Level of qualifications required : Master's or equivalent

Fonction : Internship Research

About the research centre or Inria department

The Inria center at Université Côte d'Azur includes 42 research teams and 9 support services. The center’s staff (about 500 people) is made up of scientists of different nationalities, engineers, technicians and administrative staff. The teams are mainly located on the university campuses of Sophia Antipolis and Nice as well as Montpellier, in close collaboration with research and higher education laboratories and establishments (Université Côte d'Azur, CNRS, INRAE, INSERM ...), but also with the regional economic players.

With a presence in the fields of computational neuroscience and biology, data science and modeling, software engineering and certification, as well as collaborative robotics, the Inria Centre at Université Côte d'Azur  is a major player in terms of scientific excellence through its results and collaborations at both European and international levels.

 

Context

Acumes project-team is a joint team between Inria and mathematics laboratory Jean-Alexandre Dieudonné (LJAD) at Université Côte d'Azur. The research carried out focuses on analysis and optimisation of systems governed by partial differential equations, with multidisciplinary applications ranging from fluid and structural mechanics to the modelling of biological phenomena, road and pedestrian traffic. The team is now interested in deep learning methods to efficiently combine data and physical models.

Assignment

Plants live in a constantly changing environment that happens to be unfavourable or even hostile. Therefore, plant defense against biotic threats requires multiple signaling processes responsible for surveillance, perception, and immune response activation that are influenced by varying spatial and temporal factors.  On the top of that, those interactions are based on a molecular dialogue between the pathogen and its host that occur at different time frames, altogether concurring for a successful or unsuccessful infection.

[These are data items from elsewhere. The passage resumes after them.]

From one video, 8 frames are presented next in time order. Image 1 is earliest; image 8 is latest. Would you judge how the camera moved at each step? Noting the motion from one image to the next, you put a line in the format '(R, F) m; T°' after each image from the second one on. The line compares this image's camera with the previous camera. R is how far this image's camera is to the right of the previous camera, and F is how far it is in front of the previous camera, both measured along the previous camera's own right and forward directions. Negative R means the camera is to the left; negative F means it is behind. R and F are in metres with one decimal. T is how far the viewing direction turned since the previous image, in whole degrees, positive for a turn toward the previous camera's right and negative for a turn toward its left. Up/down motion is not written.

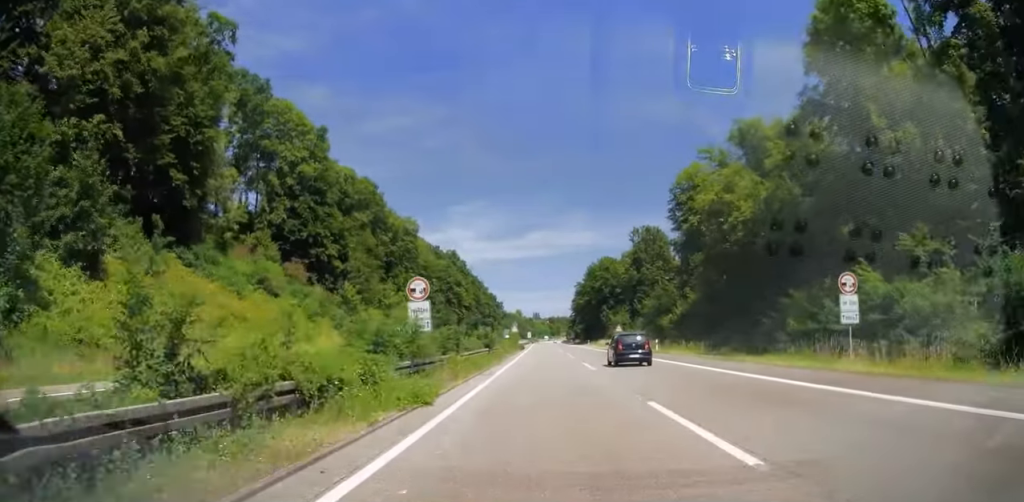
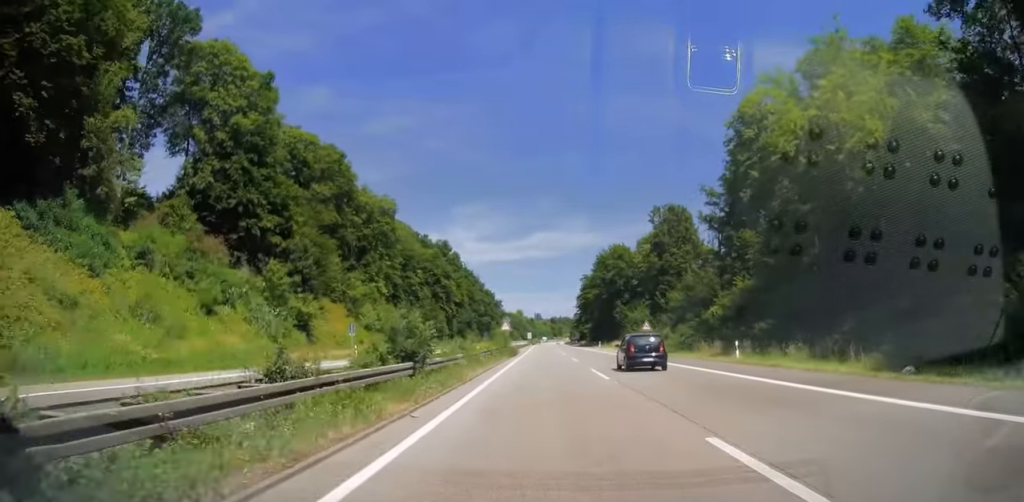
(0.0, +22.3) m; 0°
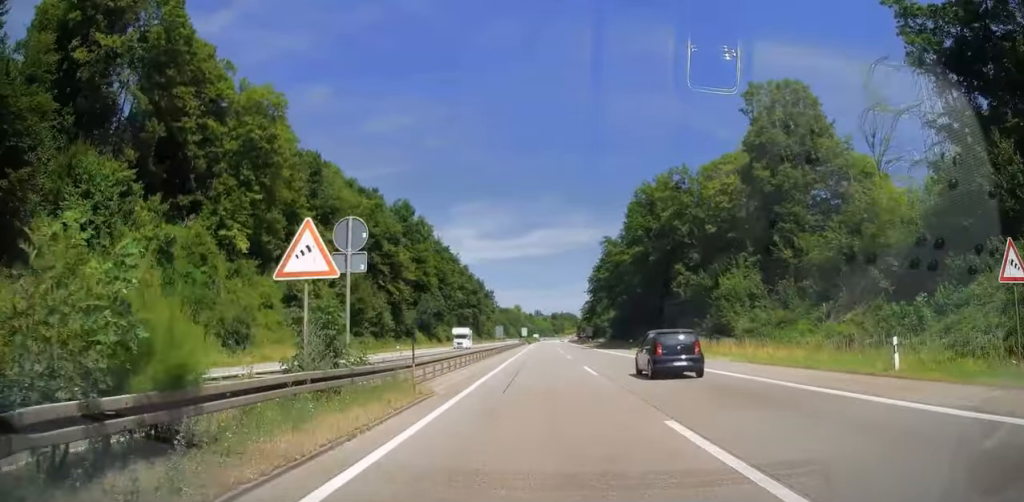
(-0.3, +52.7) m; 0°
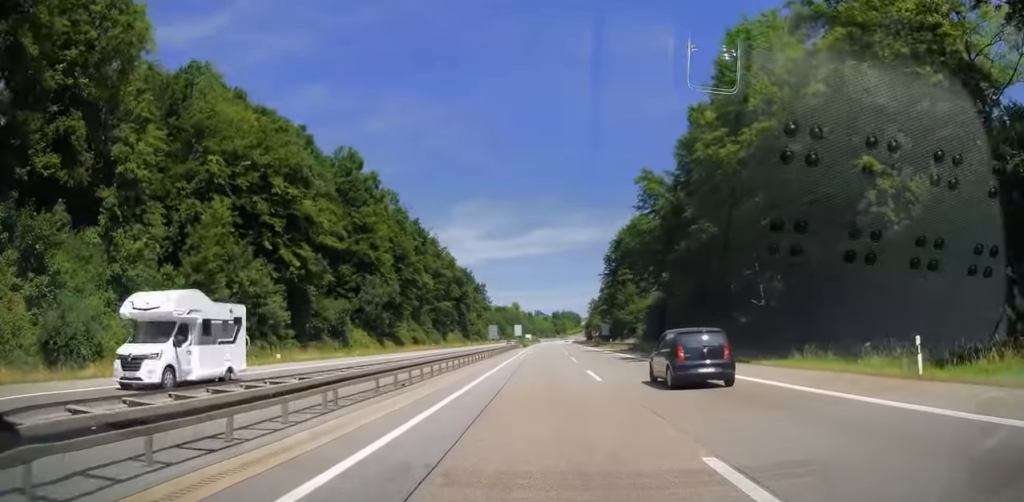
(0.0, +38.7) m; 0°
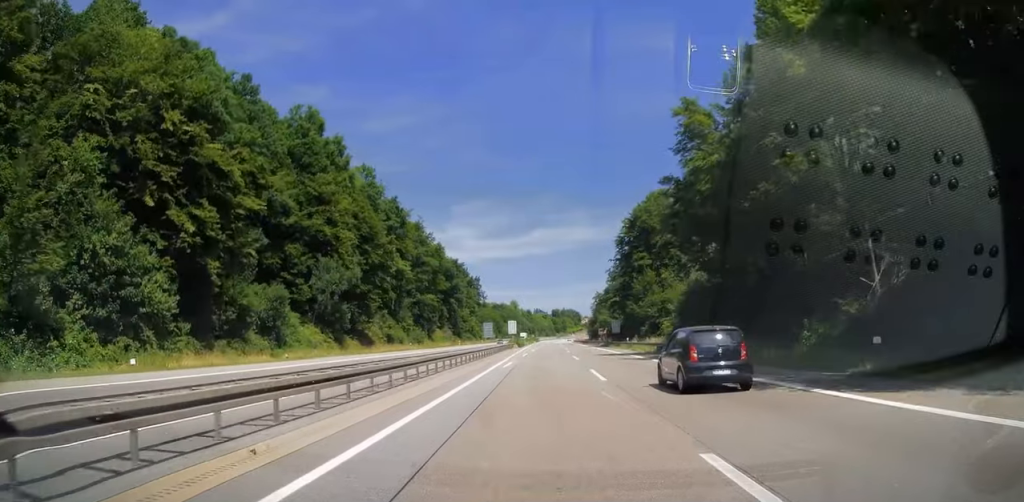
(0.0, +18.1) m; 0°
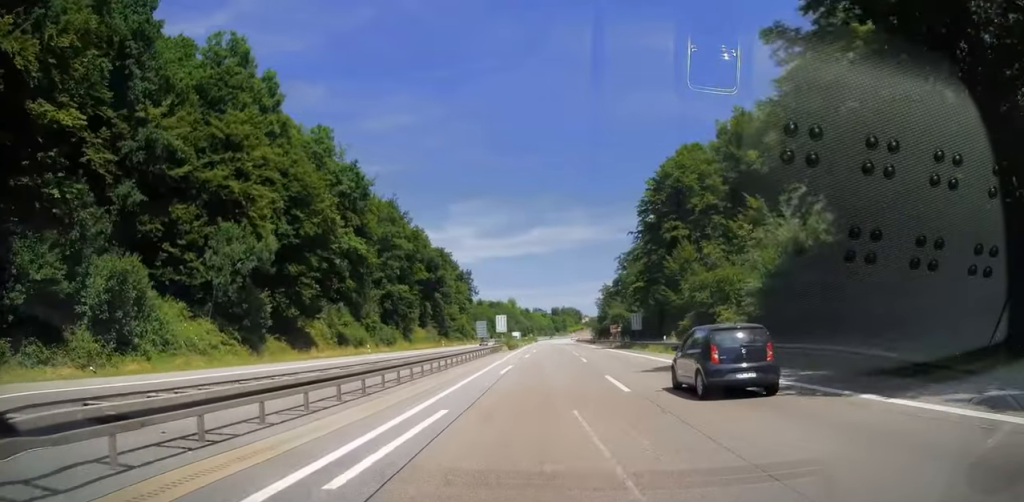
(0.0, +22.2) m; 0°
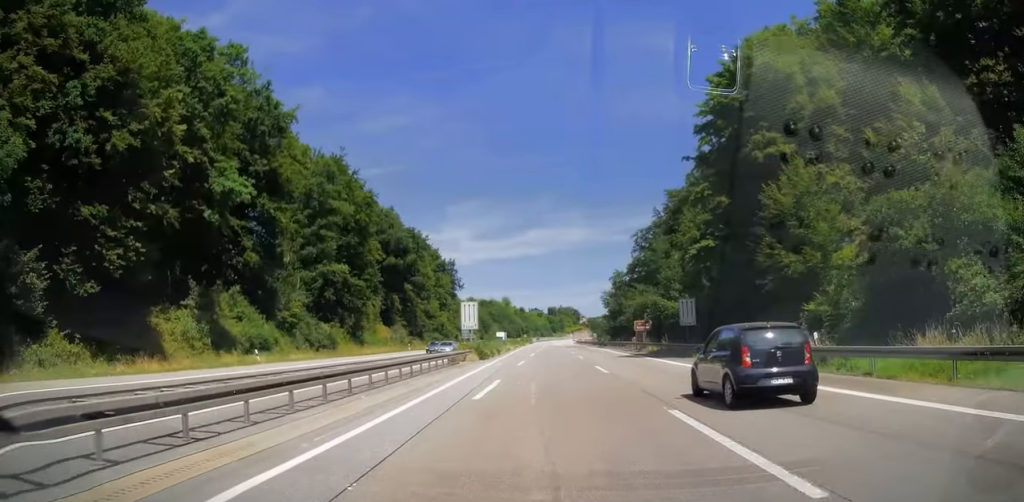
(0.0, +27.9) m; 0°
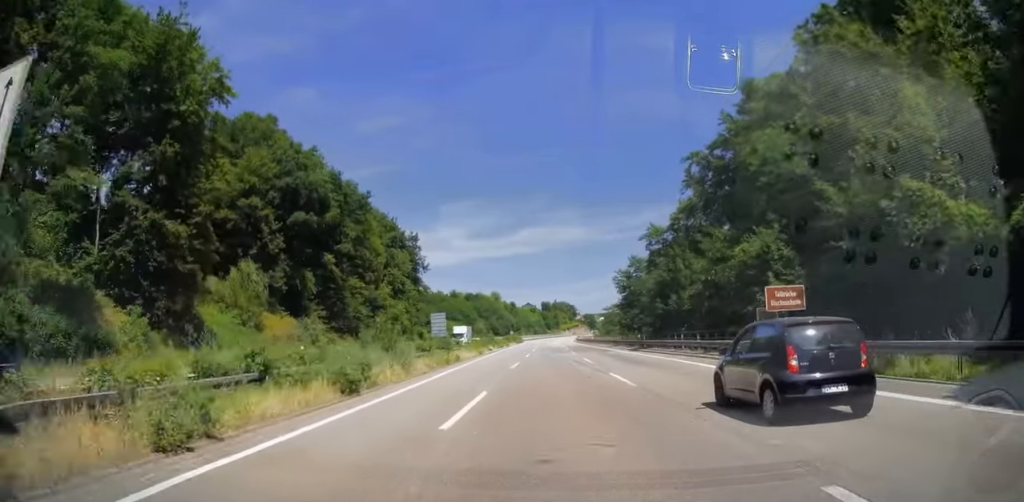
(+0.1, +40.9) m; 0°

The flourishing of omics techniques has led to the possibility of studying complex biological systems, through the analysis of its content at the molecular level. Transcriptomics is by far the most used omics providing the quantification of change in gene expression. Time-course transcriptomics data are analyzed considering each time point as independent and using approaches based on profile analysis in which the temporal continuity of the data is not fully appreciated. An alternative approach consists in the use of mathematical models including regression and spline models. However, these models generally fail to provide mechanistic interpretations. On the top of that, transcriptome analysis with high resolution in time is challenging, particularly with plant tissues, resulting in longitudinal experiments usually composed of few time points. Those are insufficient to robustly infer statistically significant changes over the infection.

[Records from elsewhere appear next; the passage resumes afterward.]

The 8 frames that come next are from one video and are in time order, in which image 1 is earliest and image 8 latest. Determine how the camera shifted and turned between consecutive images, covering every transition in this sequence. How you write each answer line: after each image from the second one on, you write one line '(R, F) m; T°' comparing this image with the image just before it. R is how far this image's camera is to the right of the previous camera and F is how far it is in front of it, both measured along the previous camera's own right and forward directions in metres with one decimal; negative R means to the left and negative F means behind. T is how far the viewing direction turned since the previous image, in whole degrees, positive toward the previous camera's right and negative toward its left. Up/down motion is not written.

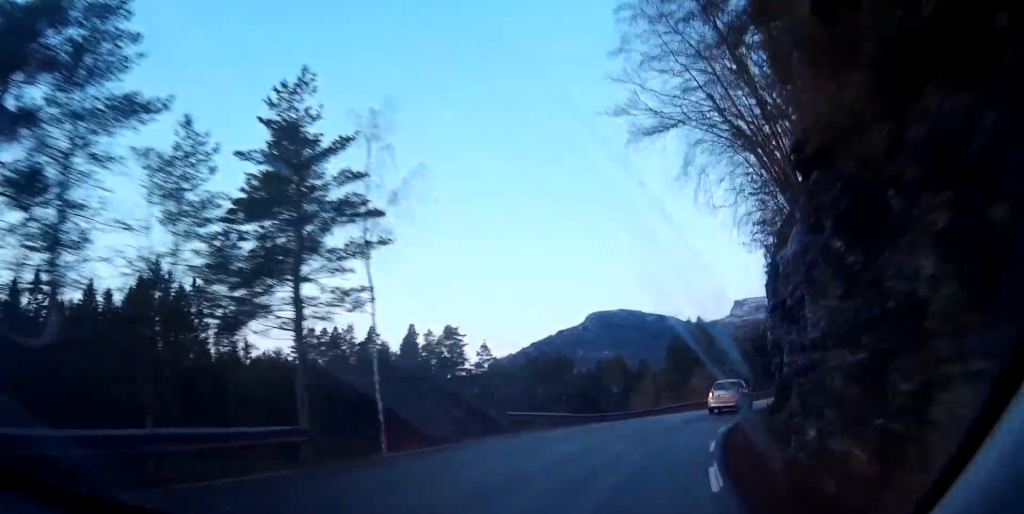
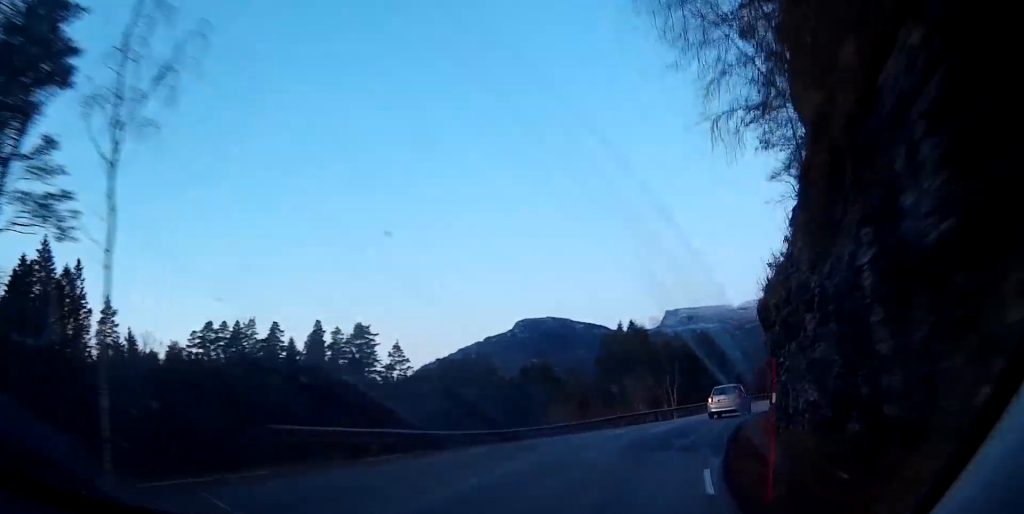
(-0.2, +12.2) m; 0°
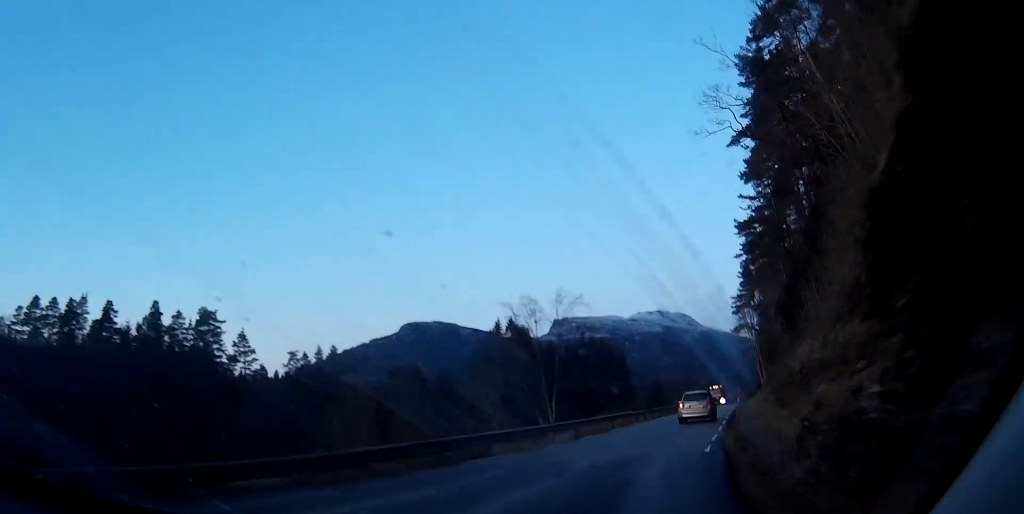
(+0.8, +17.6) m; +6°
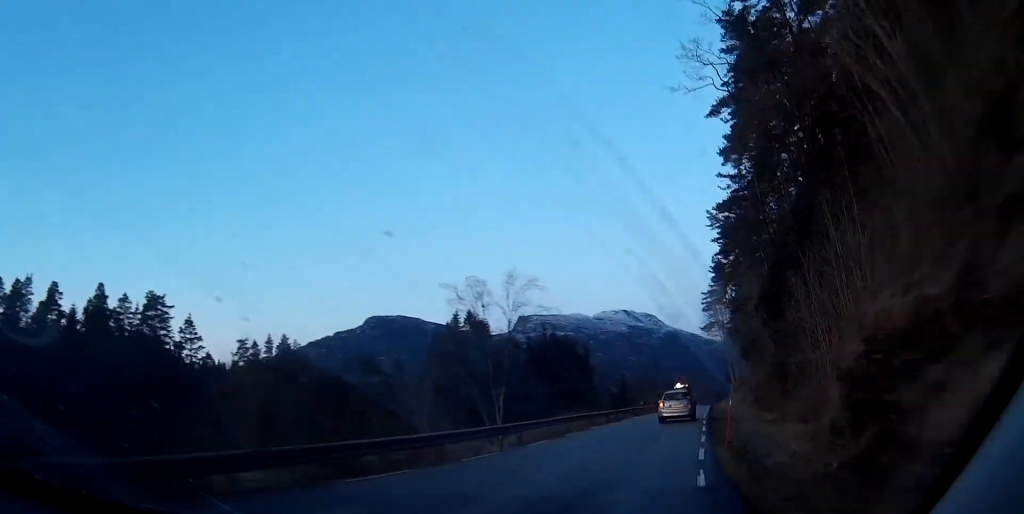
(+0.1, +5.7) m; +2°
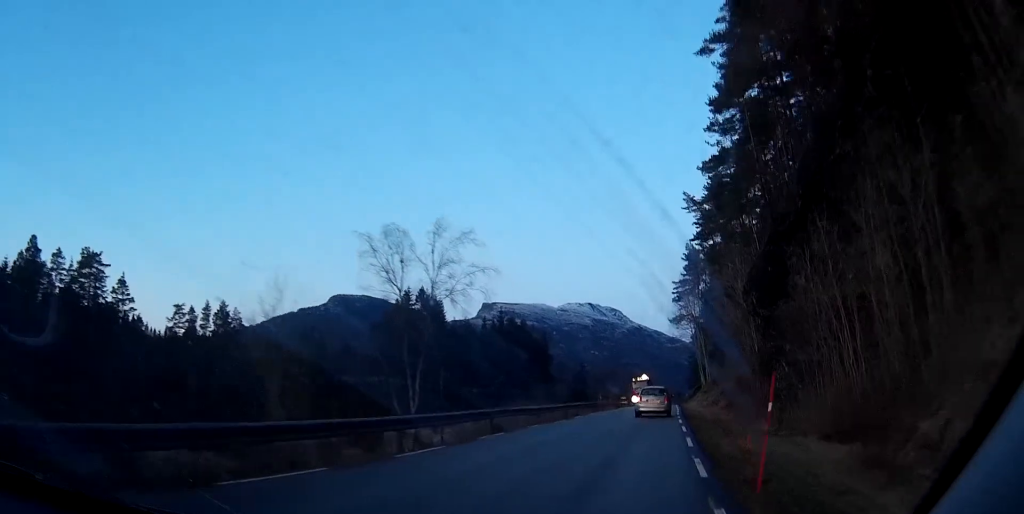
(+0.3, +8.9) m; +2°
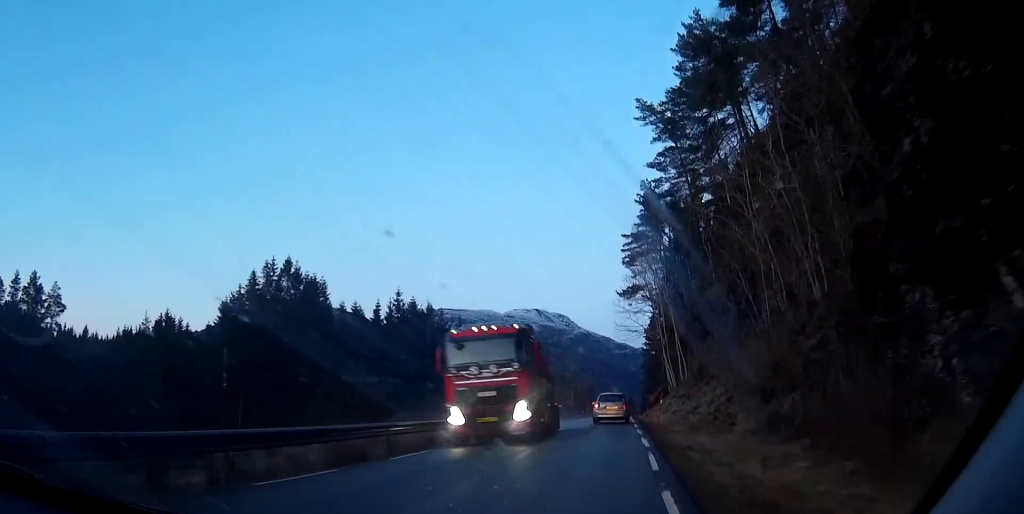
(+0.6, +32.0) m; +1°
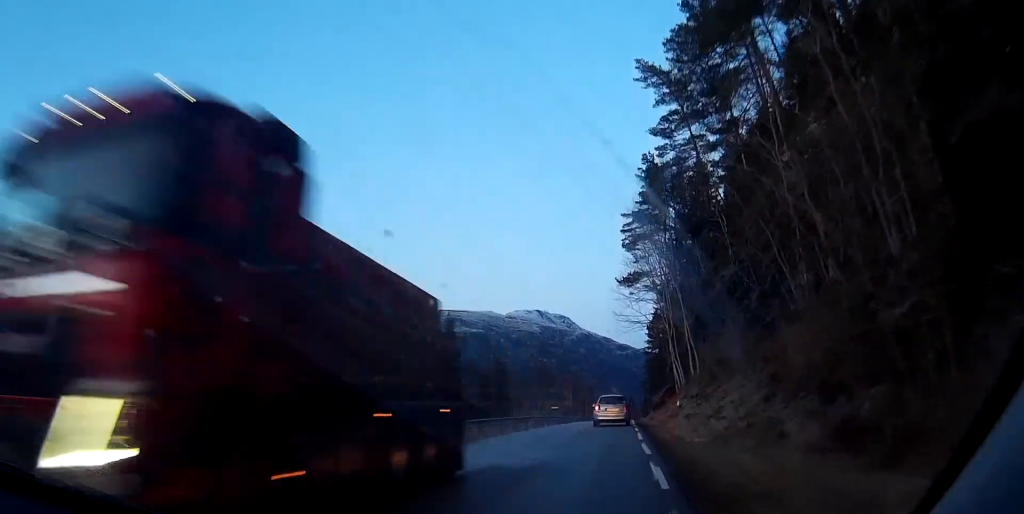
(0.0, +7.7) m; 0°
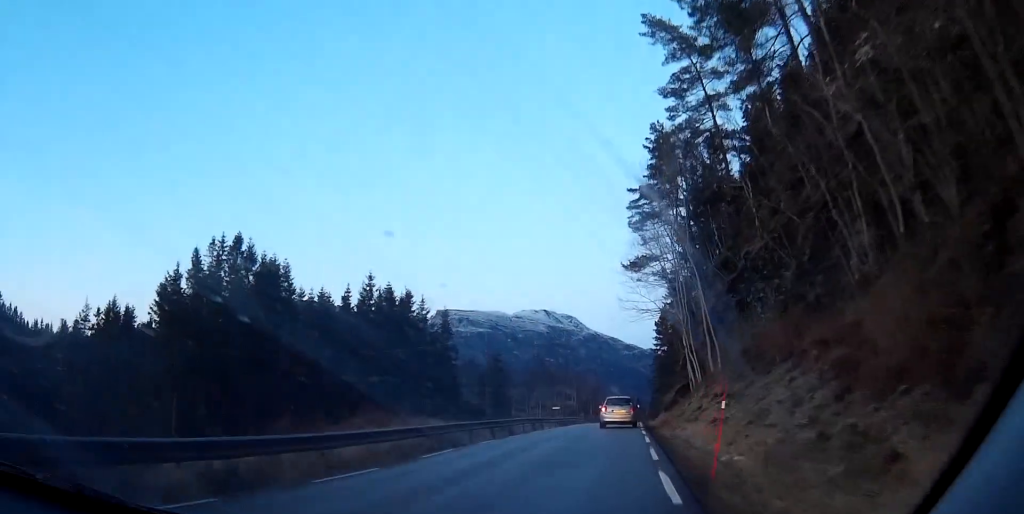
(-0.1, +6.8) m; 0°

Despite often longitudinal experiments are performed, current available analysis methods do not explicitly consider the time dependency of successive observations.

A novel class of models which is growing in popularity is the physics-informed neural networks (PINNs), a novel class of deep learning algorithms that can integrate observational data and physical or mathematical understanding. Those are particularly suitable for high-dimensional, noisy data and time-series, although their application in this domain is very recent. However, all those methods have never been used on omics data, certainly because the physical system is generally unknown in this case.

Main activities

In this project we will investigate the potentiality of these methods and their suitability to analyse information contained in longitudinal multi-transcriptomics data. This internship is at the crossroad between systems biology and scientific machine learning; therefore the candidate will develop activities in both fields and leverage the interactions between observational data and models to try to overcome present barriers. The following steps are proposed:

Task 1. Identify possible mathematical models to describe typical omics time series and develop a suitable hybrid machine learning framework, based on both time series observations and modeling principles.

Task2. Leveraging POMOdORO, an internal database of omics data of tomato in interaction with several different pathogens developed at the Institut Sophia Agrobiotech, the candidate will process the omics raw data to test the model developed.

Skills

the candidate should be a Master 2 student in applied mathematics, machine learning or bio-informatics

Benefits package

  • Subsidized meals
  • Partial reimbursement of public transport costs
  • Leave: 7 weeks of annual leave + 10 extra days off due to RTT (statutory reduction in working hours) + possibility of exceptional leave (sick children, moving home, etc.)
  • Possibility of teleworking and flexible organization of working hours
  • Professional equipment available (videoconferencing, loan of computer equipment, etc.)
  • Social, cultural and sports events and activities
  • Access to vocational training
  • Contribution to mutual insurance (subject to conditions)

Remuneration

Traineeship grant depending on attendance hours.